*Task prompt*. Of all the lines in these entries, count those that contain "stroke" and give only the total.

Items listed in a dataset:
============================================================

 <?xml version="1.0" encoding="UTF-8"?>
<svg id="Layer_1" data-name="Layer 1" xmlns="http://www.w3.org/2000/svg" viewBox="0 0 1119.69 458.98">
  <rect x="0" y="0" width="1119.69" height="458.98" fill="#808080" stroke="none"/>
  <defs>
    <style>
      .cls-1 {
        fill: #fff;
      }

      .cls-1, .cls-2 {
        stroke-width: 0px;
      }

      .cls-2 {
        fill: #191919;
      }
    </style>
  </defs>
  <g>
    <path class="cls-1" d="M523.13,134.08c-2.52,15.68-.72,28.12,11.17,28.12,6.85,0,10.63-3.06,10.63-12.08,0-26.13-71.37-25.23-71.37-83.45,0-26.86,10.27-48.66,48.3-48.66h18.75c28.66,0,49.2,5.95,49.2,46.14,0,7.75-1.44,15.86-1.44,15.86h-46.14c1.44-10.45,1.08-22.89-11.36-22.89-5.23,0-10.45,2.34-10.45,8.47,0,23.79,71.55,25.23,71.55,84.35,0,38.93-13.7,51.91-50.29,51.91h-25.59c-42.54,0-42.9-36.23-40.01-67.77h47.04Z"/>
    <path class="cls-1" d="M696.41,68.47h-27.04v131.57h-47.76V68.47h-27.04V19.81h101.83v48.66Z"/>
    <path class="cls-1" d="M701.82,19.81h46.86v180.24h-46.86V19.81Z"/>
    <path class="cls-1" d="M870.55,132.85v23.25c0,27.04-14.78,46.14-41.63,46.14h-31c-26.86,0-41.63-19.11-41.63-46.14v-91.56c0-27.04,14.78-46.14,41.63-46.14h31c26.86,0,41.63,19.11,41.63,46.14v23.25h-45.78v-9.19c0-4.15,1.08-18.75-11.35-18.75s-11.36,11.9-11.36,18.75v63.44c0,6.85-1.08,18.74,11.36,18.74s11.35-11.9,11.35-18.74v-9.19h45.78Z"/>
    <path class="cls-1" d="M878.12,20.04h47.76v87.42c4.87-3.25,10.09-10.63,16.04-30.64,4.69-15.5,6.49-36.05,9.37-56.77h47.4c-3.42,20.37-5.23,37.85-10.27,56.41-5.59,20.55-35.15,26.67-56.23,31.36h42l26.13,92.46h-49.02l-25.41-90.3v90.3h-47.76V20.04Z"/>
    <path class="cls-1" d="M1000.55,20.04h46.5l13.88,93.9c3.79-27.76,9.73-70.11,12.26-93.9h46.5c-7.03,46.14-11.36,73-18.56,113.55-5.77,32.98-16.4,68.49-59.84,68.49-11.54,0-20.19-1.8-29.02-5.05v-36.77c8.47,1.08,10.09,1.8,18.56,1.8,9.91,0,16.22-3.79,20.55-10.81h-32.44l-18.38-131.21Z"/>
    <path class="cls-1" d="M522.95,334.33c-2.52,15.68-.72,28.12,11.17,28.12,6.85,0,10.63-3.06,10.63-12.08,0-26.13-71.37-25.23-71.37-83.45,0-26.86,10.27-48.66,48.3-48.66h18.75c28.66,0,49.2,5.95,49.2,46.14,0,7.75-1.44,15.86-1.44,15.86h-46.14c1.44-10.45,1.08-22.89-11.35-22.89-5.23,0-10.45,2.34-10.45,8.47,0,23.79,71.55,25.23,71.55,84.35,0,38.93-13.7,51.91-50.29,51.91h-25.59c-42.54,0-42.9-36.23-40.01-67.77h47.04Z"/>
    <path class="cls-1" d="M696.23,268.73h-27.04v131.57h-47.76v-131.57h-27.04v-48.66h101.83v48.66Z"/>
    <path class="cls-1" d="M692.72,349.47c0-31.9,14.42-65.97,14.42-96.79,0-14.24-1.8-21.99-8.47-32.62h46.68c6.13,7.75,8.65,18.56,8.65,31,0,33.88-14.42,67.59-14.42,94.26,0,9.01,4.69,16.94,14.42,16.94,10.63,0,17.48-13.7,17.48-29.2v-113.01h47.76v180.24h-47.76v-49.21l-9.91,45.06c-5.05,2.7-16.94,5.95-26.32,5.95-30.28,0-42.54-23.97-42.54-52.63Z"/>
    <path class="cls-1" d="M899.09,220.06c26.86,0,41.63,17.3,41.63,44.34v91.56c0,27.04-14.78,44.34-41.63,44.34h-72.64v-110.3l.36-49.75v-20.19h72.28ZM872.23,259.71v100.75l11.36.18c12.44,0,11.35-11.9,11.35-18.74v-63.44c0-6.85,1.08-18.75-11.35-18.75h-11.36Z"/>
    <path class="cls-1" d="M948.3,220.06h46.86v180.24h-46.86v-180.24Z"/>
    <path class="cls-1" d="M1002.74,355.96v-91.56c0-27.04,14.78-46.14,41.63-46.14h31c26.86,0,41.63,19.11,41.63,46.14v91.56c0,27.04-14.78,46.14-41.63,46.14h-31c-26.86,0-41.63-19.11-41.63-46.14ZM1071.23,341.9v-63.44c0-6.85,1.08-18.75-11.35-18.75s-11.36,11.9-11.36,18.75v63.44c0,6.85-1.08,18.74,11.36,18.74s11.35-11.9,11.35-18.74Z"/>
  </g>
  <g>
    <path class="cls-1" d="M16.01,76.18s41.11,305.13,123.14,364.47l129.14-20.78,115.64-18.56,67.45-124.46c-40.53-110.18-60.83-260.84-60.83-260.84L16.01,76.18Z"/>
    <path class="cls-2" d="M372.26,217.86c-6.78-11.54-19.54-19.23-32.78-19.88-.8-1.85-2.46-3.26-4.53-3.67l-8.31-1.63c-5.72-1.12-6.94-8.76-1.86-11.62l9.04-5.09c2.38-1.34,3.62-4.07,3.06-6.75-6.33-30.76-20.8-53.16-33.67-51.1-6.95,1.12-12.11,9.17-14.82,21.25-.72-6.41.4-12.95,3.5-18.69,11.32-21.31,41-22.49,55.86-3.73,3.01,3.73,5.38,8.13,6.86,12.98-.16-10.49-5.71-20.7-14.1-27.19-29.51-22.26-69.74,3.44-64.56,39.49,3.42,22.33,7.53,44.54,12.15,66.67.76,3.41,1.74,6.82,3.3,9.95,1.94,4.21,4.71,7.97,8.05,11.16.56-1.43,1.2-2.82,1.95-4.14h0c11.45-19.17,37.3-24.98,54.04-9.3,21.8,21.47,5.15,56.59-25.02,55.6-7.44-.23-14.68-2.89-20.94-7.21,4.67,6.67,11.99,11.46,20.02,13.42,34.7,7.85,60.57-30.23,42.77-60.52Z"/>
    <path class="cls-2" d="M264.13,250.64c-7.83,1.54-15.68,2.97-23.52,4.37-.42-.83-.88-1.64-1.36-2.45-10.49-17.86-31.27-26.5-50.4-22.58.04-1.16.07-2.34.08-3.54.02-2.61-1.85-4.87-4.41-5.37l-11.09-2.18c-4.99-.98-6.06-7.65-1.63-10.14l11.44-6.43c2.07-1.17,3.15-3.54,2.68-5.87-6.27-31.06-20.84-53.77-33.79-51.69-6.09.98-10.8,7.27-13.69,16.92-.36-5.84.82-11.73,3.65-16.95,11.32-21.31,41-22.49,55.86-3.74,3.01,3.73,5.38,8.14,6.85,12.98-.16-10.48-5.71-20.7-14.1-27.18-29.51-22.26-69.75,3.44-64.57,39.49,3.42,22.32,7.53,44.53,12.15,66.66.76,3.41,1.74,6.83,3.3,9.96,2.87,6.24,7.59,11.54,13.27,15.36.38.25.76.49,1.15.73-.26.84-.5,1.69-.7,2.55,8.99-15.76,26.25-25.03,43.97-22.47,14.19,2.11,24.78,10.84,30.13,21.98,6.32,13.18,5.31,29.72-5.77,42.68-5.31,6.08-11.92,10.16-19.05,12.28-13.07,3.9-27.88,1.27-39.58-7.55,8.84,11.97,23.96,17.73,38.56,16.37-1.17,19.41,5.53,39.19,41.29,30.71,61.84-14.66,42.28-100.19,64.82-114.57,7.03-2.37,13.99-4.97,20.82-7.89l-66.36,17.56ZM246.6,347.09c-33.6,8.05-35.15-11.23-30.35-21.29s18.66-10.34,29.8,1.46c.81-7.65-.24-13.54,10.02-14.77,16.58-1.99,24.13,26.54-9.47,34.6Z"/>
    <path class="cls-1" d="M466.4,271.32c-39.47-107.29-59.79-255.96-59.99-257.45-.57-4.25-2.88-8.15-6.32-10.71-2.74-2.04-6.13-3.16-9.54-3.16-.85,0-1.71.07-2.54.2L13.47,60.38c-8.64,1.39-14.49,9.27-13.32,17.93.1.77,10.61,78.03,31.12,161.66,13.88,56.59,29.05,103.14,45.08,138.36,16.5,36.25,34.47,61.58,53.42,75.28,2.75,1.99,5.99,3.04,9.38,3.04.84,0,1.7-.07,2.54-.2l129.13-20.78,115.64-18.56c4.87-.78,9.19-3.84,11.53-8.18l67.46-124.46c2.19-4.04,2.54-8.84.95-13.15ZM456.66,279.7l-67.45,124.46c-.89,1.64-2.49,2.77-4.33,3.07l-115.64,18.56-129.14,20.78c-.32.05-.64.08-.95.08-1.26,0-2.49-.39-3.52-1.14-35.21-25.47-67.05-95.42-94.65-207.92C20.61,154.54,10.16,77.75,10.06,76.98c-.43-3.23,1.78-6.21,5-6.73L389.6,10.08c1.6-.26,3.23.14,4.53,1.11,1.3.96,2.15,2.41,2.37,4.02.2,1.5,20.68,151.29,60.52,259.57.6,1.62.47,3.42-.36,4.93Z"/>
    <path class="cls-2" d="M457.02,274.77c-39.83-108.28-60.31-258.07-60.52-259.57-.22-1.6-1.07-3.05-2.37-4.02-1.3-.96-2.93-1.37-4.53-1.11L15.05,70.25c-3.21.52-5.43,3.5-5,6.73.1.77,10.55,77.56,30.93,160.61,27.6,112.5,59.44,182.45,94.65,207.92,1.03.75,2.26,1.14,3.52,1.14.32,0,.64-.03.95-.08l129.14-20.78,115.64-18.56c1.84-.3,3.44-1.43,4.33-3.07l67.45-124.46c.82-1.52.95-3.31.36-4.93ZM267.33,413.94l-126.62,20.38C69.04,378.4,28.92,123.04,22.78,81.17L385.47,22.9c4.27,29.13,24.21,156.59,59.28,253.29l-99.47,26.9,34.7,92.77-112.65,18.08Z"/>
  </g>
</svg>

============================================================

*Response*. 2